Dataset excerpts
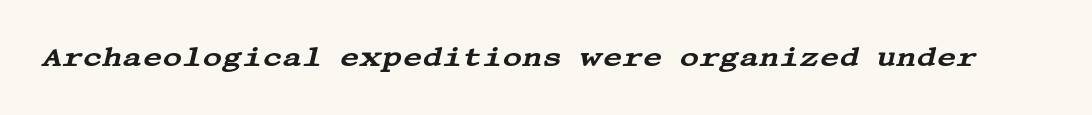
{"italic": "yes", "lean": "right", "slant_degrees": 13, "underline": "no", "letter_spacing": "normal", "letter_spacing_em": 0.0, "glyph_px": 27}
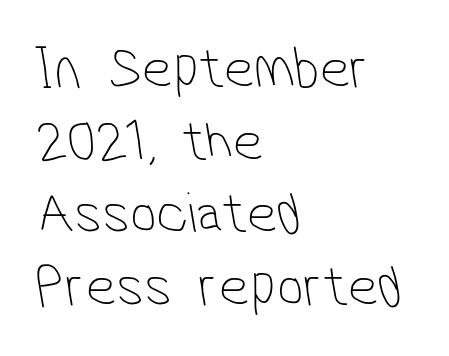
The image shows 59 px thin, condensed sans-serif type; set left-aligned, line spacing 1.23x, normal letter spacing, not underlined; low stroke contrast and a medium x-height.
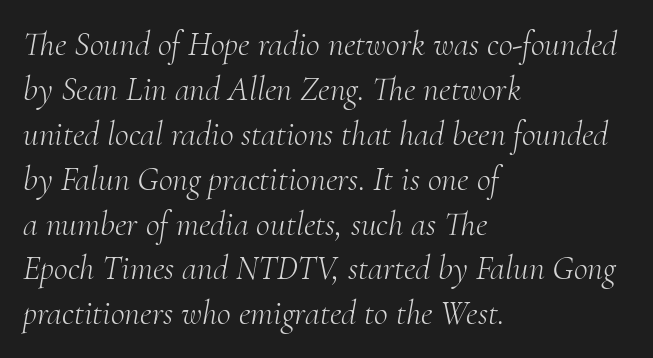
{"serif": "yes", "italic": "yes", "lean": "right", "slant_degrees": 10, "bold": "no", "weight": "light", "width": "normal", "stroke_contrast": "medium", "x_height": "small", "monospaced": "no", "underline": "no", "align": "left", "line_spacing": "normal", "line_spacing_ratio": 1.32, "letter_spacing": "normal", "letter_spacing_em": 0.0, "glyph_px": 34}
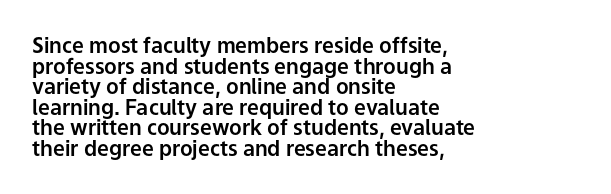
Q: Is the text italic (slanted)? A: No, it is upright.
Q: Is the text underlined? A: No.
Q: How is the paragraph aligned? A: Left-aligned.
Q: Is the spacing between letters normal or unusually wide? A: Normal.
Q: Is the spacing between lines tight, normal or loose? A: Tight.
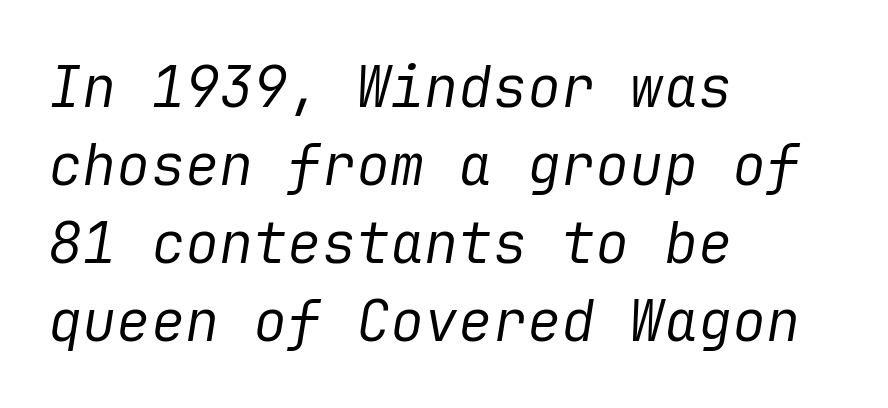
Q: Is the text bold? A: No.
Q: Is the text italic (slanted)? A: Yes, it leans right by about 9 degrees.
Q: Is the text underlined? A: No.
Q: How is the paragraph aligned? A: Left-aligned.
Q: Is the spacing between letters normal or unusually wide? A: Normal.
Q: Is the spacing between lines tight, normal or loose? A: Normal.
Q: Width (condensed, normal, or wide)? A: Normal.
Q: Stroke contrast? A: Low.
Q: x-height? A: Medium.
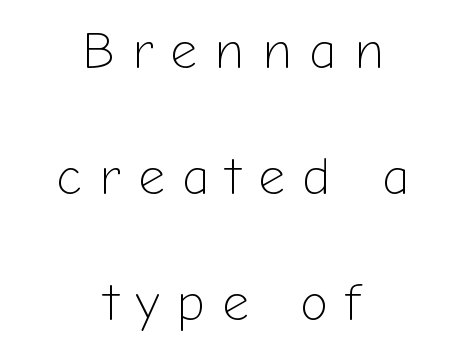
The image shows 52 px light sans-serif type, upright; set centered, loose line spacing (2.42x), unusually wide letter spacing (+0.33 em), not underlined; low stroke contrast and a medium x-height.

▶ _Assignment_:
Identify all lines in the records above with the word "bold".

▶ _Solution to this problem_:
{"serif": "yes", "italic": "yes", "lean": "right", "slant_degrees": 10, "bold": "no", "weight": "light", "width": "normal", "stroke_contrast": "medium", "x_height": "small", "monospaced": "no", "underline": "no", "align": "left", "line_spacing": "normal", "line_spacing_ratio": 1.32, "letter_spacing": "normal", "letter_spacing_em": 0.0, "glyph_px": 34}
Q: Is the text bold? A: No.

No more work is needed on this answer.